**Activity**
Would you please transcribe the data in full and exactly, excluding images?

**Data excerpts**
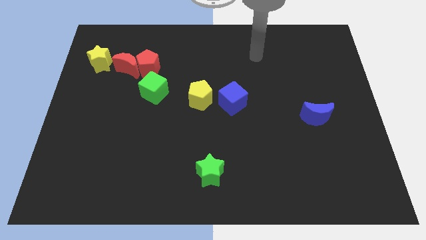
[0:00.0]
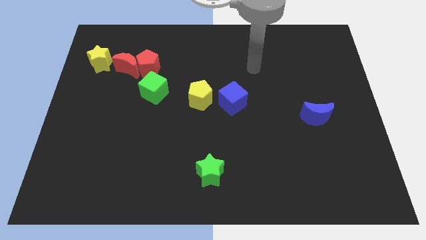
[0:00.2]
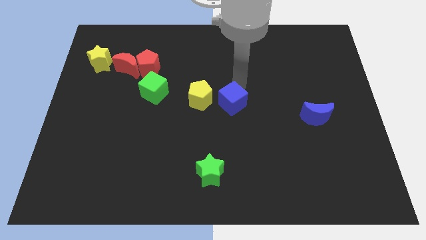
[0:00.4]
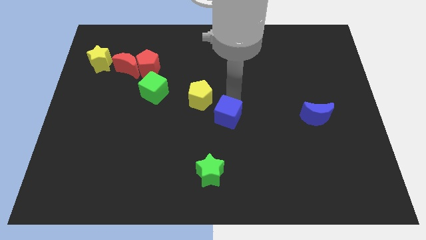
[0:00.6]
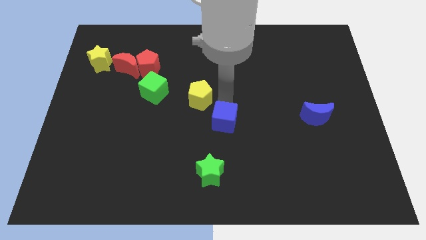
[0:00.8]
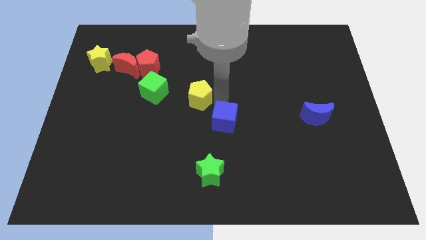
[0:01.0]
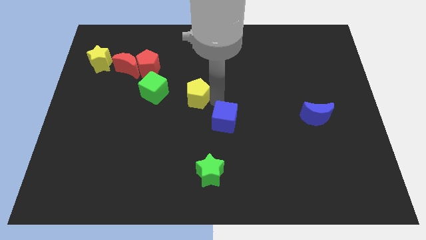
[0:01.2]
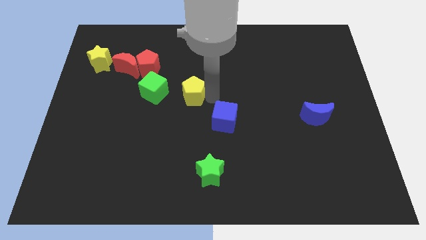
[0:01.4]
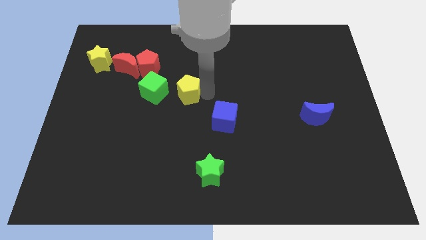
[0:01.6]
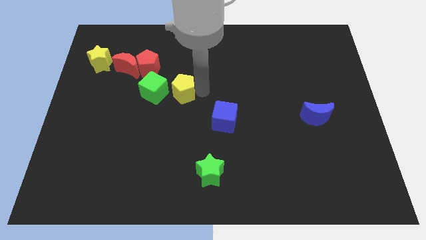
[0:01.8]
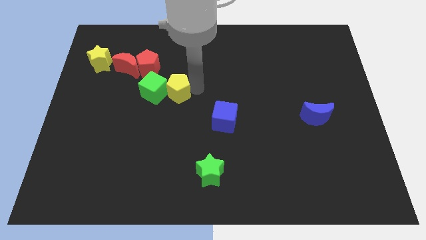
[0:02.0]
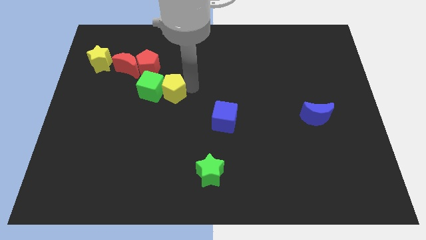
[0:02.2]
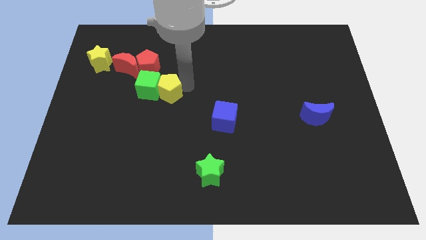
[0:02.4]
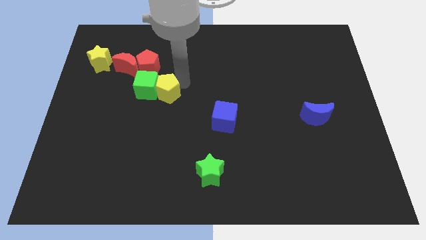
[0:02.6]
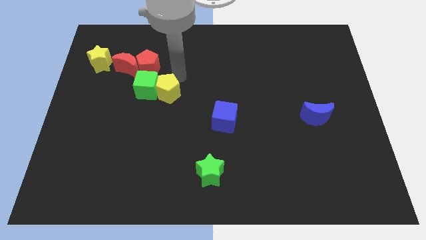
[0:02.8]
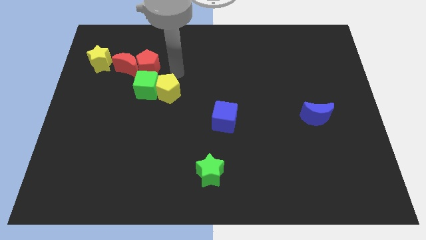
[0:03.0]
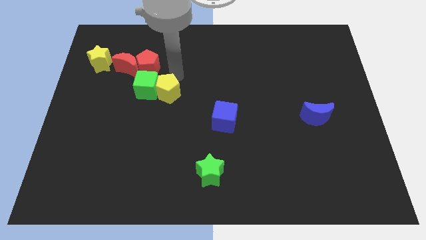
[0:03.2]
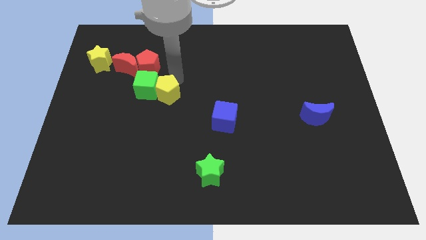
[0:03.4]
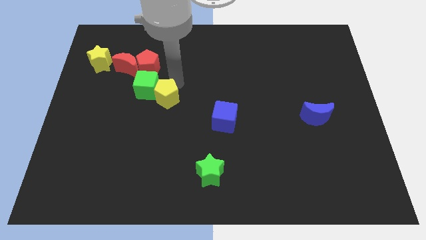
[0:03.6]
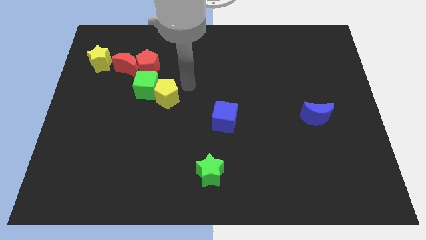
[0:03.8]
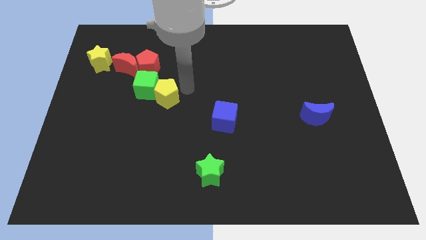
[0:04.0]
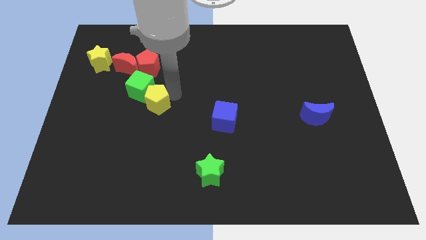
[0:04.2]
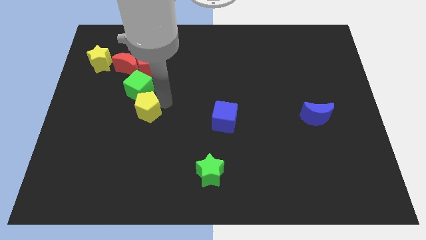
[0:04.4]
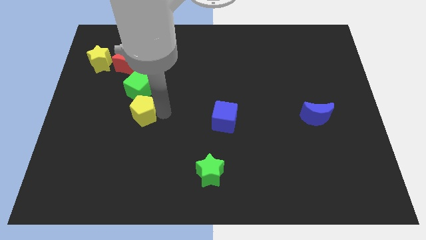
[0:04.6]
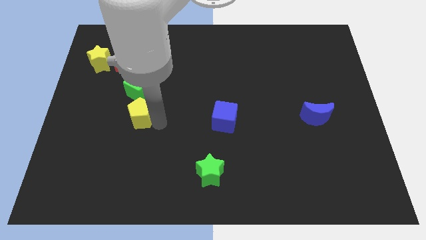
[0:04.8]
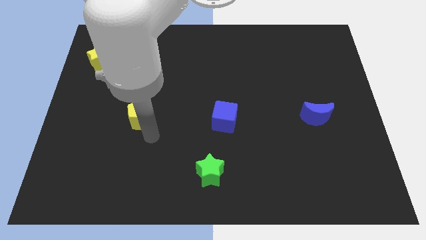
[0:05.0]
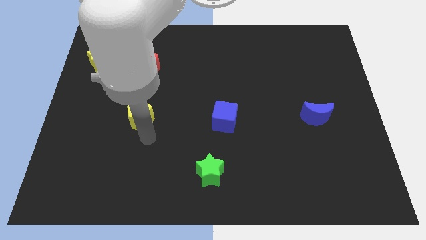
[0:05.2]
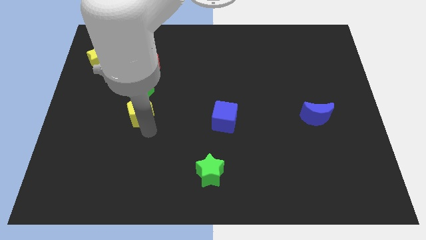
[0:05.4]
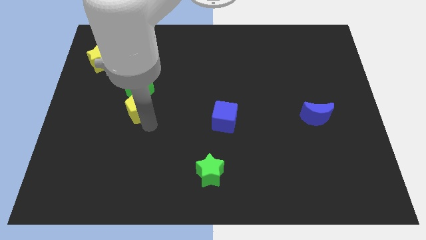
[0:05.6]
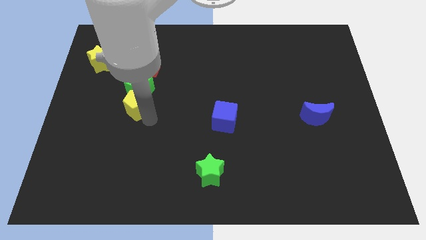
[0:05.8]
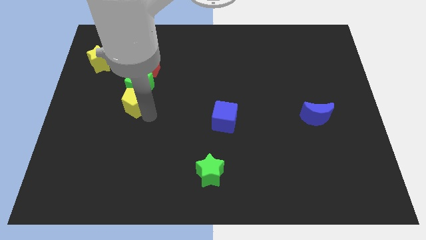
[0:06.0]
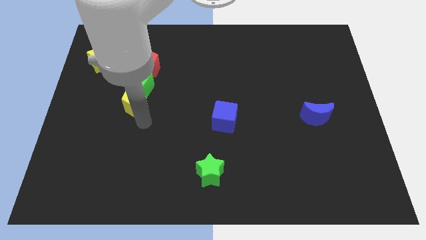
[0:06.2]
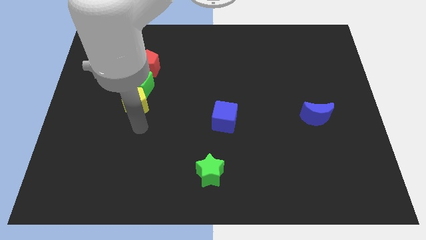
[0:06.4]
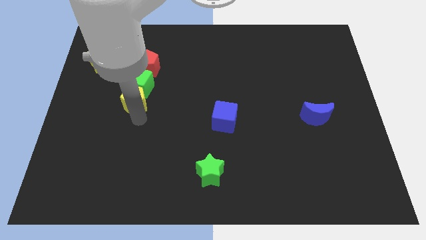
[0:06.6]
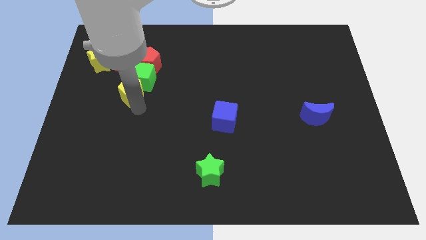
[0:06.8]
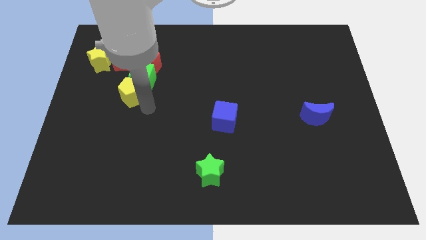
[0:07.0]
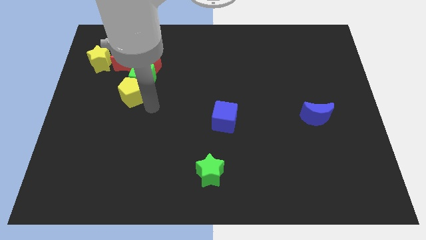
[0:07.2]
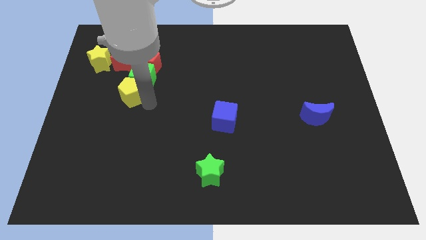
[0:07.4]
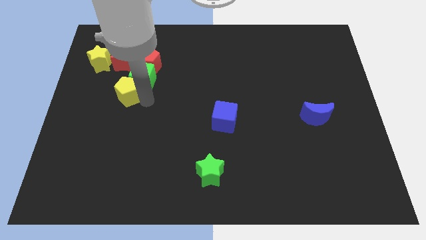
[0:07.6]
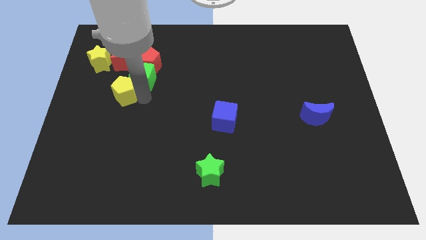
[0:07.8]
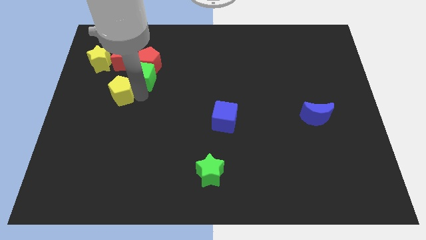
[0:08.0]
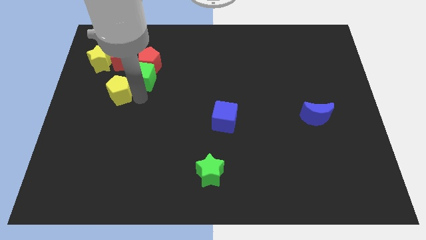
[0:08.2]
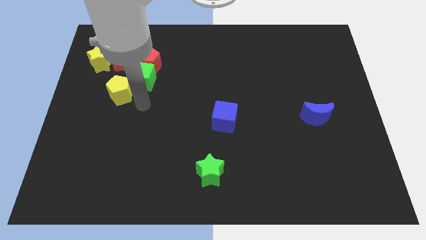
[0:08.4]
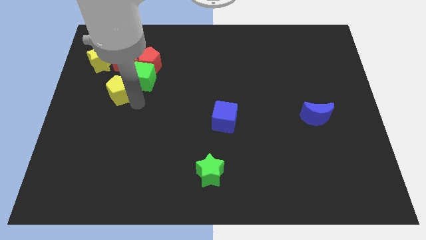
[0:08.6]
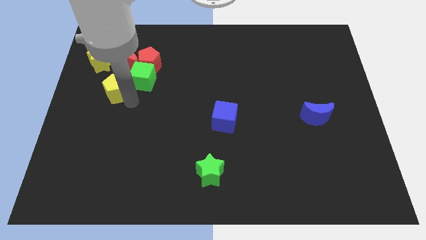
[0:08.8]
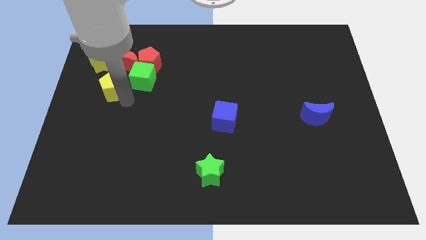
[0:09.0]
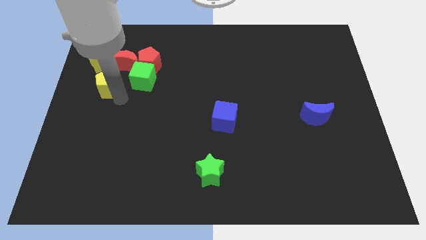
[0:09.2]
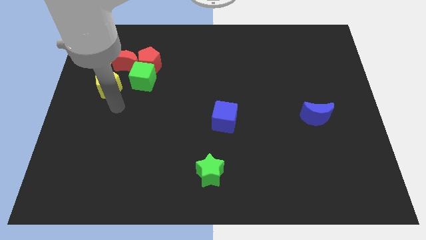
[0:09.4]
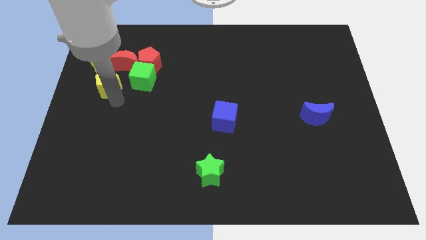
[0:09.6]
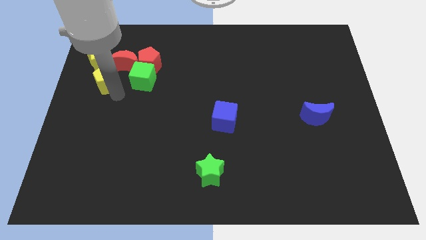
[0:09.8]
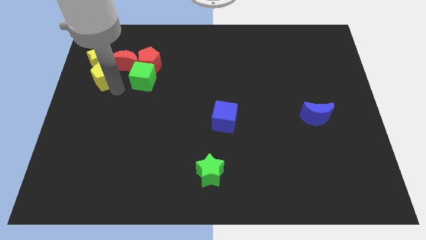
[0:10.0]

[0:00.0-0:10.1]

**Task result**
[0:00.0]
[0:00.2]
[0:00.4]
[0:00.6]
[0:00.8]
[0:01.0]
[0:01.2]
[0:01.4]
[0:01.6]
[0:01.8]
[0:02.0]
[0:02.2]
[0:02.4]
[0:02.6]
[0:02.8]
[0:03.0]
[0:03.2]
[0:03.4]
[0:03.6]
[0:03.8]
[0:04.0]
[0:04.2]
[0:04.4]
[0:04.6]
[0:04.8]
[0:05.0]
[0:05.2]
[0:05.4]
[0:05.6]
[0:05.8]
[0:06.0]
[0:06.2]
[0:06.4]
[0:06.6]
[0:06.8]
[0:07.0]
[0:07.2]
[0:07.4]
[0:07.6]
[0:07.8]
[0:08.0]
[0:08.2]
[0:08.4]
[0:08.6]
[0:08.8]
[0:09.0]
[0:09.2]
[0:09.4]
[0:09.6]
[0:09.8]
[0:10.0]

[0:00.0-0:10.1]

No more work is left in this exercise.